= Eugene Owen Smith =

American biographer

Eugene Owen Smith (May 9, 1929 in Manhattan - July 25, 2012) was an American biographer.

Smith was a son of Julius and Sara Smith. He graduated from the University of Wisconsin with a degree in history. Due to his father's wishes he attended law school but dropped out from it six months later. In 1950s he joined the Army and was sent to Germany. He came back to New York City and started working as a clerk at Newsweek and by 1956 got a job with The Newark Star-Ledger.

From 1956 to 1960 he worked at The New York Post but quit it due to persuasion to write a book about a Wall Street millionaire and his murder in 1955, called The Life and Death of Serge Rubinstein which came out two years later.
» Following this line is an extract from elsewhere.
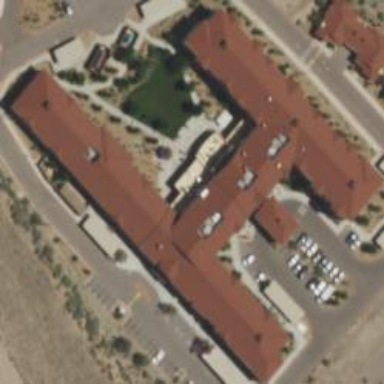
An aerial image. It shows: Nursing home building.

In 1964 he published a book about Woodrow Wilson called When the Cheering Stopped: The Last Years of Woodrow Wilson. Six years later he published a Herbert Hoover biography, The Shattered Dream: Herbert Hoover and the Great Depression. Seven years later he wrote a book about Andrew Johnson called High Crimes and Misdemeanors: The Impeachment and Trial of Andrew Johnson which was followed by Lee and Grant: A Dual Biography in 1984 and the 1998 biography of John J. Pershing called Until the Last Trumpet Sounds: The Life of General of the Armies John J. Pershing. In 2009 he published his last book called Mounted Warriors: From Alexander the Great and Cromwell to Stuart, Sheridan and Custer. Smith died of bone cancer at the age of 83.